Application of the classification model following the rules listed in (a) on 59 Greek (b) and 15 German sepsis patients (c). The samples are shown in columns and sorted according to their class label (32 × GR-A vs. 27 × GR-B and 5 × DE-A vs. 10 × DE-B). First and last row depict sample's categorization and model prediction, respectively. The middle rows show the genes that are affected by SNVs and grouped according to terms. For color code see legend (a).
Fig. 4Structural model of the PAR1-Gα14 complex indicating a functional impact of amino acid exchange R33C in Gα14.

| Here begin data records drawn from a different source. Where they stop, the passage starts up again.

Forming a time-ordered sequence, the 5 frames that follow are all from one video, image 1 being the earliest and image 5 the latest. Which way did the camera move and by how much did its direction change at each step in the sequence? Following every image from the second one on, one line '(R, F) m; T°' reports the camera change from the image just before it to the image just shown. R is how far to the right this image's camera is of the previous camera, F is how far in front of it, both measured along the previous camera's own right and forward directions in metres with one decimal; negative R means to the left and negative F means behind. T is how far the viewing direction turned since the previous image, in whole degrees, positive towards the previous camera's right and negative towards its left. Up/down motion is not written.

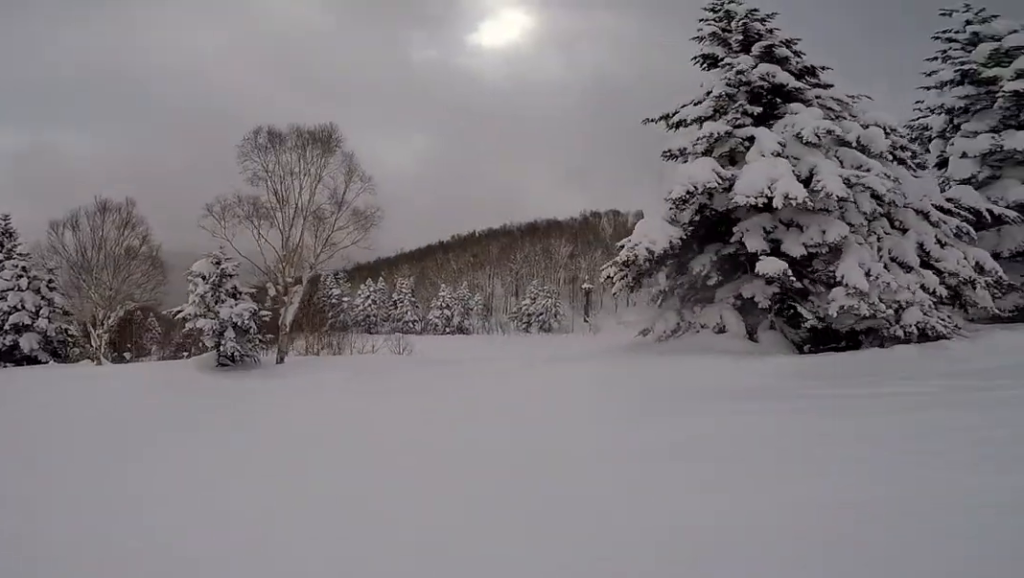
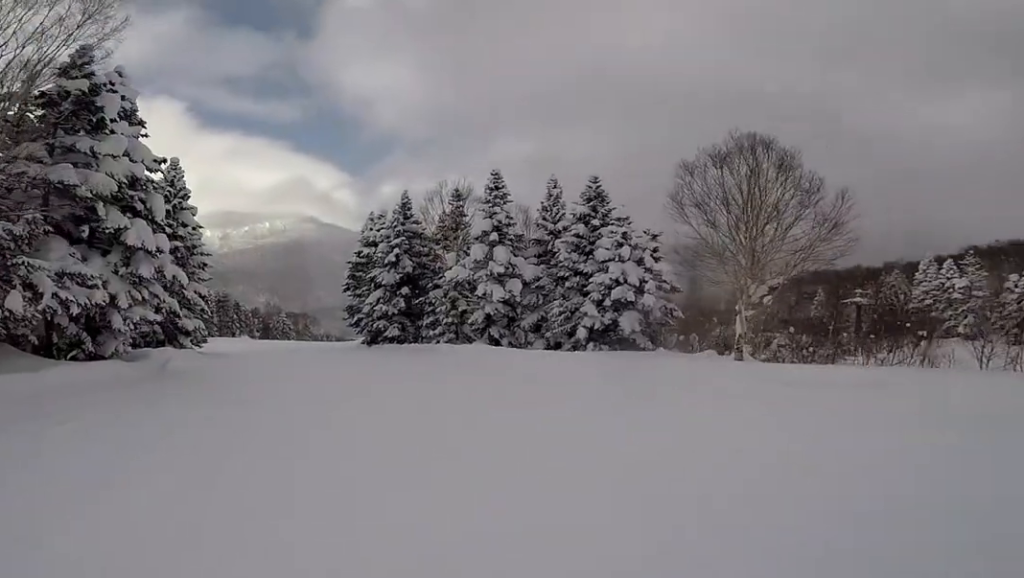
(-0.8, +9.6) m; -7°
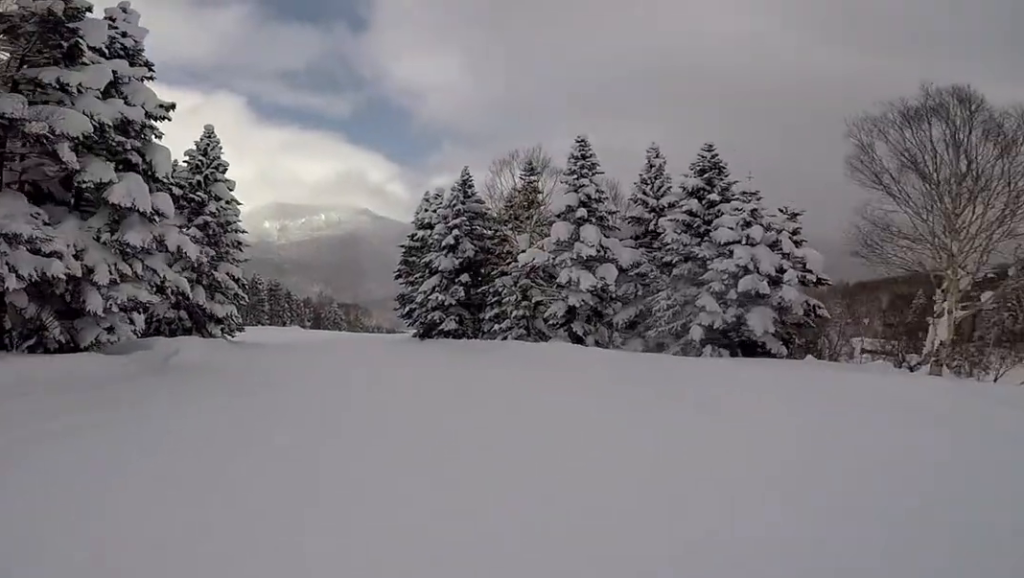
(-0.1, +4.1) m; -1°
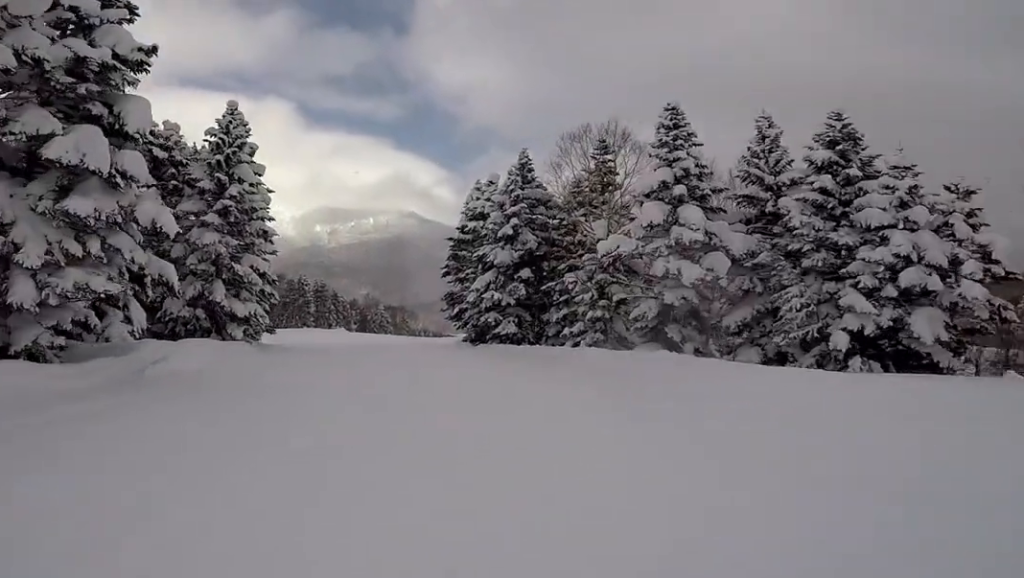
(0.0, +3.7) m; 0°
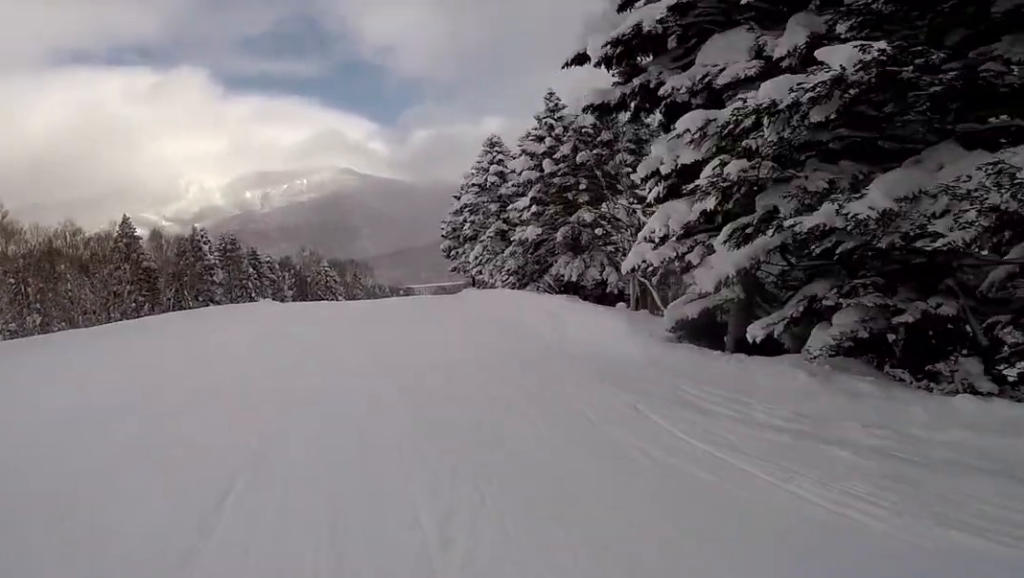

(a) The known structure of the human protease-activated receptor 1 (PAR1) (Zhang et al., 2012) was aligned with that of the β2-adrenoceptor (β2AR) contained in the quaternary complex between the agonist-bound form of β2AR with heterotrimeric Gs (α, βγ) (Chung et al., 2011) using the PyMOL Molecular Graphics System. The structure of the N-terminus of Gα14 was predicted with Swiss-Model using the structure of human Gαq as a model (Nishimura et al., 2010) and aligned with the N-terminus of Gαs in the β2AR-Gs-complex. The structures of Gβ1 and Gγ2 are those of the β2AR-Gs-complex. (b) Detailed view of the predicted contact site between PAR1 and the amino terminus of Gα14. The junction between transmembrane helices III and IV are missing in the structure of PAR1, presumably due to flexibility of the loop. The C- and N-terminal ends of helices III and IV, respectively, in the structure of PAR1 are marked by circles. In this region, the structure of β2AR is shown in light purple. R33 of Gα14 is likely to come into very close proximity to the second intracellular loop of PAR1. For example, its distance to Gln142 of β2-AR, corresponding to L211 of PAR1, previously shown to be important for PAR1-Gq-coupling (Zhang et al., 2012), would be < 3 Å in this model.